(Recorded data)
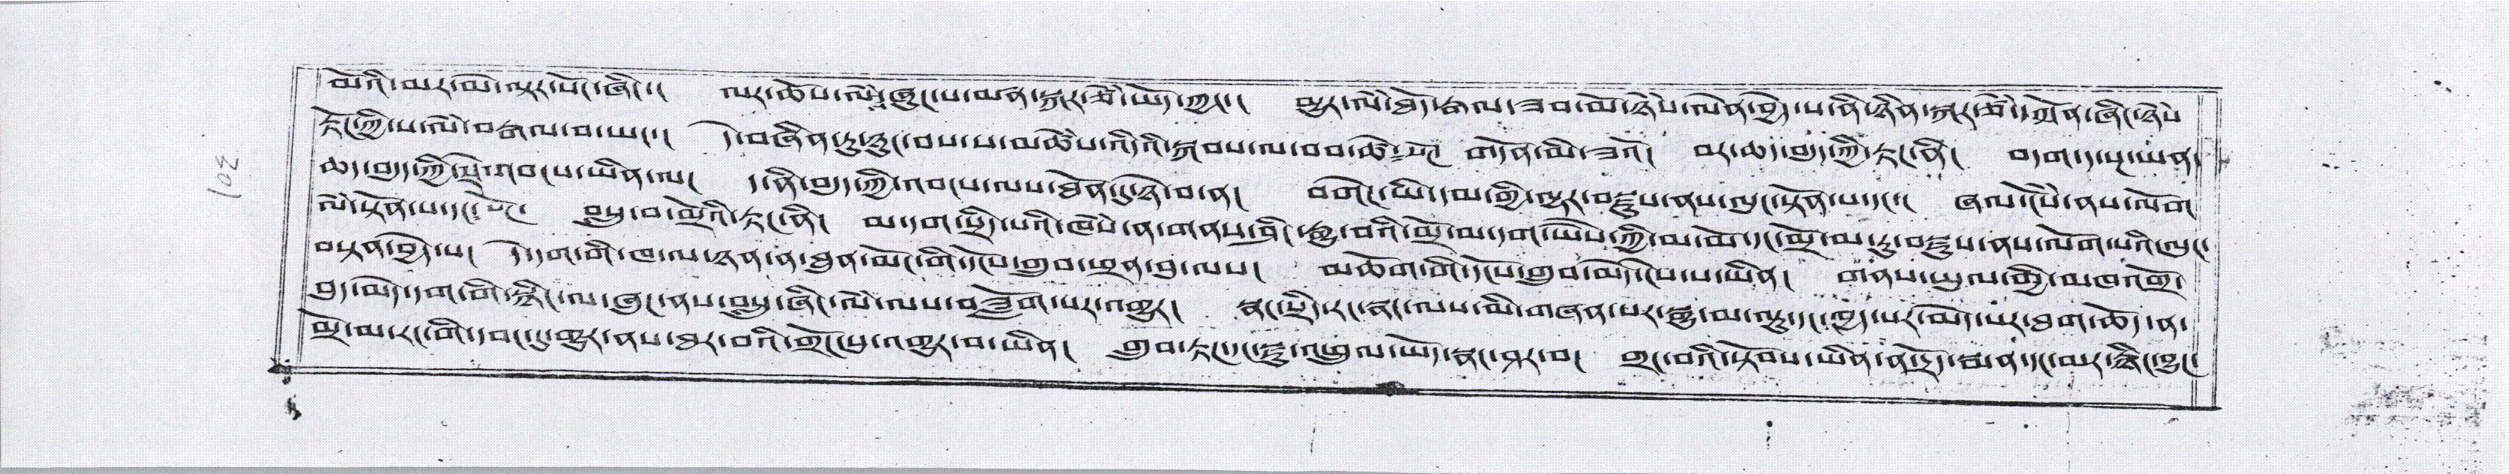མོའི་མར་མེ་ལྟར་སོང་ཞིང། ལར་ཆོས་ལམ་ལ་ཞུགས་པ་མཚན་སྐར་ཙམ་ཡོད་ཀྱང། མྱུར་ལམ་ཐོད་རྒལ་ཟབ་མོ་ཉམས་ལེན་བྱེད་པ་ནི་ཉིན་སྐར་ཙམ་དཀོན་ཞིང་ཉམས་
རྟོགས་ཀྱི་ས་ལམ་བརྒལ་བ་ཡང། དེ་བཞིན་ཏུ་ཉུང་བས་ས་མཚམས་འདིའི་སྐབས་ལ་བབ་ཚེ་སོགས་གདོན་མི་ཟའོ། བར་ཆད་བདུད་ཀྱི་རྟགས་ནི། བདག་ད་སྔ་ཡན་
ཆད་བདུད་ཀྱི་སྡེ་འབངས་ཡིན་ལ། ད་ནི་བདུད་ཀྱི་འབངས་ལས་ཐོན་དུ་ཉེ་བ་ན། བགེགས་ཡི་དམ་གྱི་ལྷར་བརྫུས་ནས་ལུང་སྟོན་པ་དང། ཞལ་ངོམས་ནས་ལོག་
ལམ་སྟོན་པ་དང་སོགས། བསླུ་བ་མཁའ་འགྲོའི་རྟགས་ནི། མ་དག་སྲིད་པའི་ཁམས་ན་གནས་ཤིང་རྒྱུ་བའི་མཁའ་འགྲོ་མ་དག་ཡེ་ཤེས་ཀྱི་མ་མོ་དང་མཁའ་འགྲོ་མ་རུ་བརྫུས་ནས་ལོག་པའི་ལུང་
བསྟན་བྱེད་པ། དེ་དག་གི་ཁ་ལ་ཉན་ན་ཐུན་མོང་གི་དངོས་གྲུབ་ཕྲན་བུ་ལས། མཆོག་གི་དངོས་གྲུབ་མེད་ངེས་པ་ཡིན། གནས་ཡུལ་གྱི་མཁའ་འགྲོ་
བུད་མེད་དག་གི་སྙིང་ལ་ཞུགས་ནས་བསླུ་ཞིང་ལམ་ལས་བཟློག་པར་འགྱུར། སྣང་སྲིད་རང་སྣང་ལས་མི་གཞན་པར་སྒྱུ་མ་ལྟ་བུ་དང་ཁྱད་པར་མེད་པར་ཐག་ཆོད་ན། 
འགྲོ་མ་རང་གི་དབང་དུ་གྱུར་ནས་ཐར་པའི་གྲོགས་སུ་འགྱུར་བ་ཡིན། གྲུབ་རྟགས་དང་རྫུ་འཕྲུལ་ཡོད་སྣང་ཤར་བ། གྲང་བའི་སྟོབས་ཡིན་ན་དྲོད་སྨན་དང་མར་རྙིང་བྱུང་
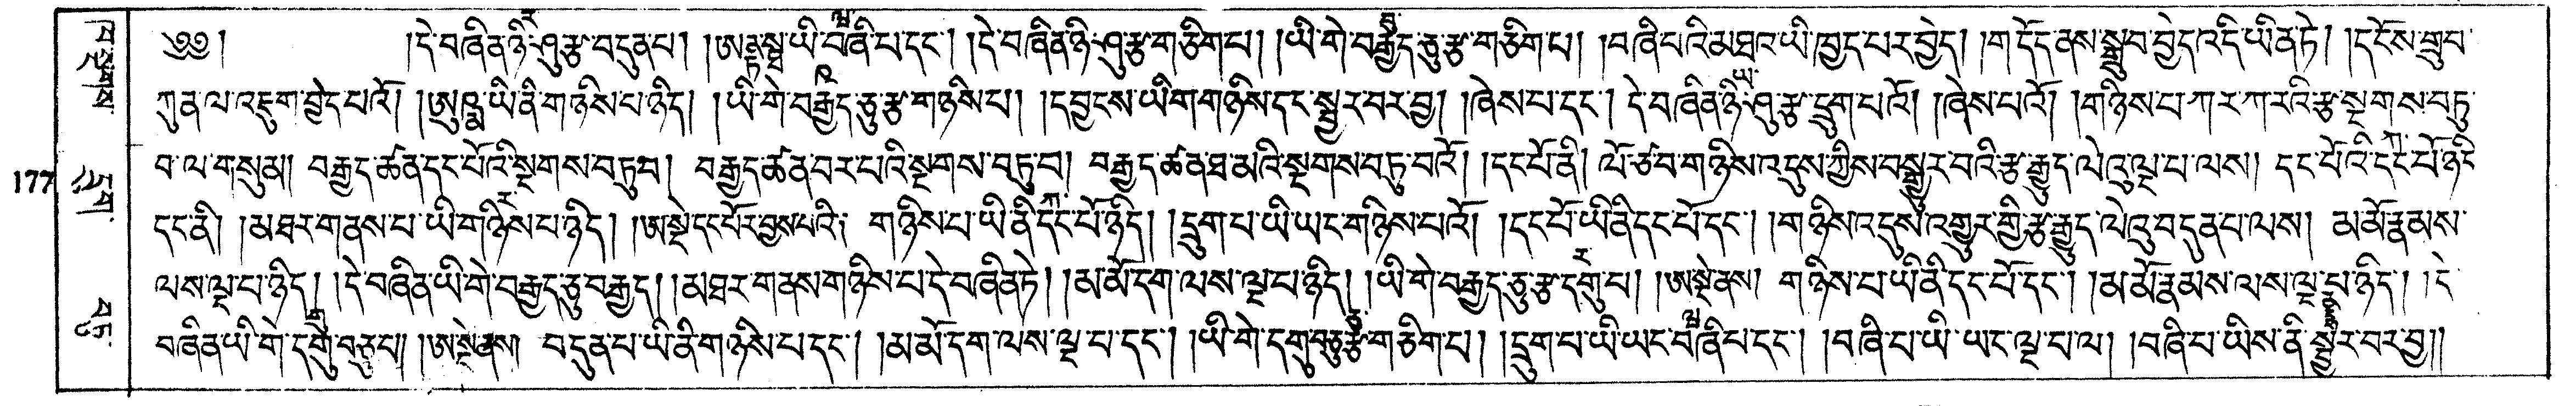༄༅། །དེ་བཞིན་ཉི་ཤུ་རྩ་བདུན་པ། །ཨནྟ་སྠ་ཡི་བཞི་པ་དང་། །དེ་བཞིན་ཉི་ཤུ་རྩ་གཅིག་པ། །ཡི་གེ་བརྒྱད་ཅུ་རྩ་གཅིག་པ། །བཞི་པའི་མཐའ་ཡི་ཁྱད་པར་བྱེད། །གདོད་ནས་སྒྲུབ་བྱེད་འདི་ཡིན་ཏེ། །དངོས་གྲུབ་
ཀུན་ལ་འཇུག་བྱེད་པའོ། །ཨུཥྨ་ཡི་ནི་གཉིས་པ་ཉིད། །ཡི་གེ་བརྒྱད་ཅུ་རྩ་གཉིས་པ། །དབྱངས་ཡིག་གཉིས་དང་སྦྱར་བར་བྱ། །ཞེས་པ་དང་། དེ་བཞིན་ཉི་ཤུ་རྩ་དྲུག་པའོ། །ཞེས་པའོ། །གཉིས་པ་ཀར་ཀ་རའི་རྩ་སྔགས་བཏུ་
བ་ལ་གསུམ། བརྒྱད་ཚན་དང་པོའི་སྔགས་བཏུབ། བརྒྱད་ཚན་བར་པའི་སྔགས་བཏུ་བ། བརྒྱད་ཚན་ཐ་མའི་སྔགས་བཏུ་བའོ། །དང་པོ་ནི། ལོ་ཙ་བ་གཉིས་འདུས་ཀྱིས་བསྒྱུར་བའི་རྩ་རྒྱུད་ལེའུ་ལྔ་པ་ལས། དང་པོའི་དང་པོ་ཉིད་
དང་ནི། །མཐར་གནས་པ་ཡི་གཉིས་པ་ཉིད། །ཨ་སྡེ་དང་པོར་བྱས་པའི༑ གཉིས་པ་ཡི་ནི་དང་པོ་ཉིད། །དྲུག་པ་ཡི་ཡང་གཉིས་པའོ། །དང་པོ་ཡི་ནི་དང་པོ་དང་། །གཉིས་འདུས་འགྱུར་གྱི་རྩ་རྒྱུད་ལེའུ་བདུན་པ་ལས། མ་མོ་རྣམས་
ལས་ལྔ་པ་ཉིད། །དེ་བཞིན་ཡི་གེ་བརྒྱད་ཅུ་བརྒྱད། །མཐར་གནས་གཉིས་པ་དེ་བཞིན་ཏེ། །མ་མོ་དག་ལས་ལྔ་པ་ཉིད། །ཡི་གེ་བརྒྱད་ཅུ་རྩ་དགུ་པ། །ཨ་སྡེ་ནས། གཉིས་པ་ཡི་ནི་དང་པོ་དང་། །མ་མོ་རྣམས་ལས་ལྔ་པ་ཉིད། །དེ་
བཞིན་ཡི་གེ་དགུ་བཅུ་པ། །ཨ་སྡེ་ནས། བདུན་པ་ཡི་ནི་གཉིས་པ་དང་། །མ་མོ་དག་ལས་ལྔ་པ་དང་། །ཡི་གེ་དགུ་བཅུ་རྩ་གཅིག་པ། །དྲུག་པ་ཡི་ཡང་བཞི་པ་དང་། །བཞི་པ་ཡི་ཡང་ལྔ་པ་ལ། །བཞི་པ་ཡིས་ནི་སྦྱར་བར་བྱ།།
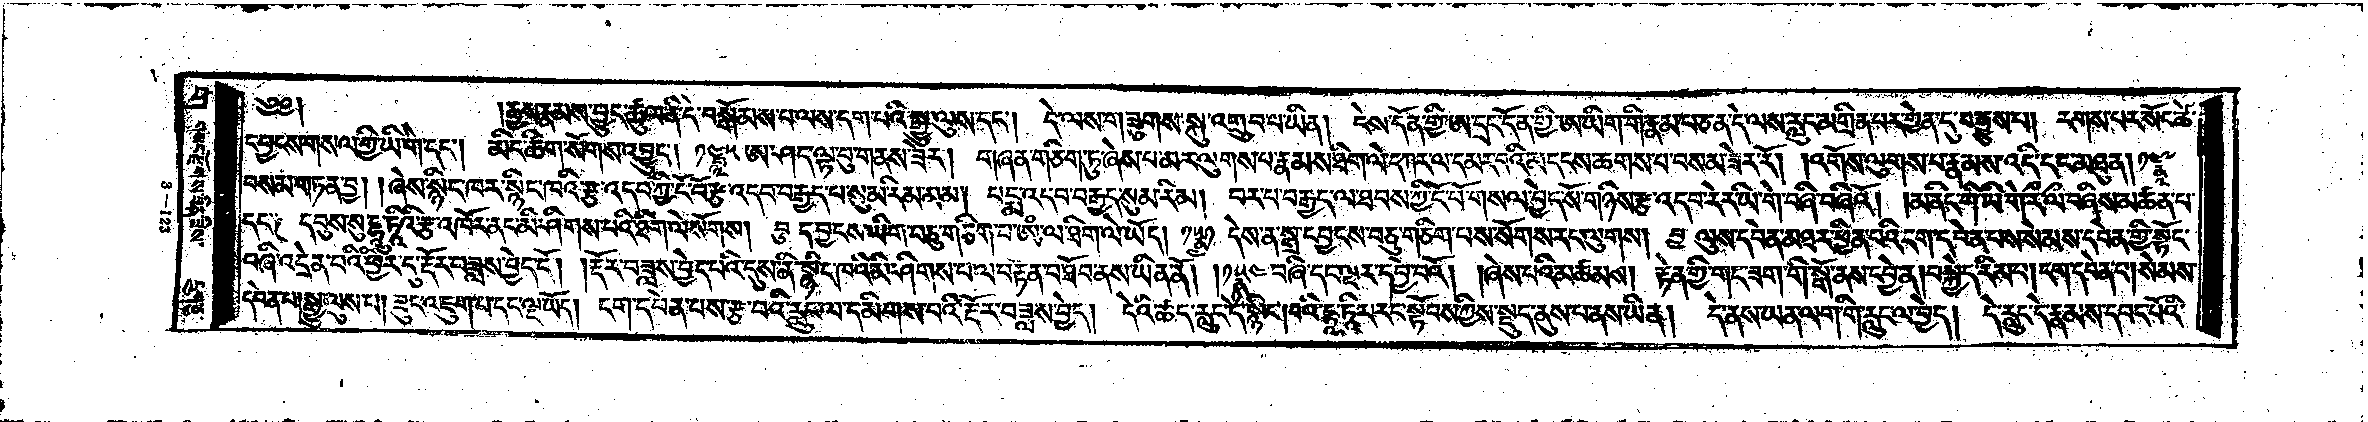༄༅། །རྒྱས་རྣམས་བྱུང་ཚུལ་ནི་དེ་བསྒོམས་པ་ལས་དག་པའི་སྒྱུ་ལུས་དང་། དེ་ལས་གཟུགས་སྐུ་འགྲུབ་པ་ཡིན། ངེས་དོན་གྱི་ཨ་དྲང་དོན་གྱི་ཨ་ཡིག་གི་རྣམ་པར་ན་དེ་ལས་རླུང་མགྲིན་པར་གྱེན་དུ་བརྒྱུས་པ། རགས་པར་སོང་ཚེ་
དབྱངས་གསལ་གྱི་ཡི་གེ་དང་། མིང་ཚིག་སོགས་འབྱུང་། ༡༤བ༣༥་ཨ་ཤད་ལྟ་བུ་གནས་ཟེར། གཞན་གཅིག་ཏུ་ཞེས་པ་མར་ལུགས་པ་རྣམས་ཐིག་ལེ་དཀར་ལ་དམར་བའི་མདངས་ཆགས་པ་བསམ་ཟེར་རོ། །འགོས་ལུགས་པ་རྣམས་འདི་དང་མཐུན། ༡༤ན༢༧
བསམ་གཏན་བྱ། །ཞེས་སྙིང་ཁར་སྙིང་ཁའི་རྩ་འདབ་ཀྱི་ངོ་བོ་རྩ་འདབ་བརྒྱད་པ་སུམ་རིམ་མ། པདམ་འདབ་བརྒྱད་སུམ་རིམ། བར་པ་བརྒྱད་ལ་ཐབས་ཀྱི་ངོ་བོ་གསལ་བྱེད་སོ་གཉིས་རྩ་འདབ་རེར་ཡི་གེ་བཞི་བཞིའོ། །མ་ནིང་གི་ཡི་གེ་རྀ་ལྀ་བཞི་ས་མཚན་པ་
དང༑ དབུས་སུ་དྷུ་ཏཱིའི་རྩེ་འཁོར་ནང་མི་ཤིགས་པའི་ཐིག་ལེ་སོགས། བ༦་དབྱངས་ཡིག་བཅུ་གཅིག་པ་ཨ྾་ལ་ཐིག་ལེ་ཡོད། ༡༥ན༤༡་དེས་ན་སྒྲ་དབྱངས་བཅུ་གཅིག་པས་སོགས་རང་ལུགས། བ༤་ལུས་དབེན་མཐར་ཕྱིན་པའི་ངག་དབྱེན་པས་སེམས་དབེན་གྱི་སྟོང་
བཞི་འདྲེན་པའི་ཕྱིར་དུ་རྔོར་བཟླས་བྱེད་དོ། །རྡོར་བཟླས་བྱེད་པའི་དུས་ནི་སྙིང་ཁའི་མི་ཤིགས་པ་ལ་བརྟེན་པ་ཐོབ་ནས་ཡིན་ནོ། །༡༥ན༡༤་བཞི་དང་ལྔ་དབྱེ་བའོ། །ཞེས་པའི་མཚམས། རྟེན་གྱི་གང་ཟག་གིས་གོ་ནས་དབྱེ་ན། བསྐྱེད་རིམ་པ། དག་དབེན་པ། སེམས་
དབེན་པ། སྒྱུ་ལུས་པ། ཟུང་འཇུག་པ་དང་ལྔ་ཡོད། དག་དབེན་པས་རྩ་བའི་རླུང་ལ་དམིགས་པའི་རྡོར་བཟླས་བྱེད། དེའི་ཚད་རླུང་དེ་སྙིང་ཁའི་ཏཱིར་རང་སྟོབས་ཀྱིས་སྡུད་ནུས་པ་ནས་ཡིན། དེ་ནས་ཡན་ལག་གི་རླུང་ལ་བྱེད། དེ་རླུང་དེ་རྣམས་དབང་པོའི་

Task directions
Scan the data for lines containing "མཚམས" and copy all of them.

Your response
རྟོགས་ཀྱི་ས་ལམ་བརྒལ་བ་ཡང། དེ་བཞིན་ཏུ་ཉུང་བས་ས་མཚམས་འདིའི་སྐབས་ལ་བབ་ཚེ་སོགས་གདོན་མི་ཟའོ། བར་ཆད་བདུད་ཀྱི་རྟགས་ནི། བདག་ད་སྔ་ཡན་
བཞི་འདྲེན་པའི་ཕྱིར་དུ་རྔོར་བཟླས་བྱེད་དོ། །རྡོར་བཟླས་བྱེད་པའི་དུས་ནི་སྙིང་ཁའི་མི་ཤིགས་པ་ལ་བརྟེན་པ་ཐོབ་ནས་ཡིན་ནོ། །༡༥ན༡༤་བཞི་དང་ལྔ་དབྱེ་བའོ། །ཞེས་པའི་མཚམས། རྟེན་གྱི་གང་ཟག་གིས་གོ་ནས་དབྱེ་ན། བསྐྱེད་རིམ་པ། དག་དབེན་པ། སེམས་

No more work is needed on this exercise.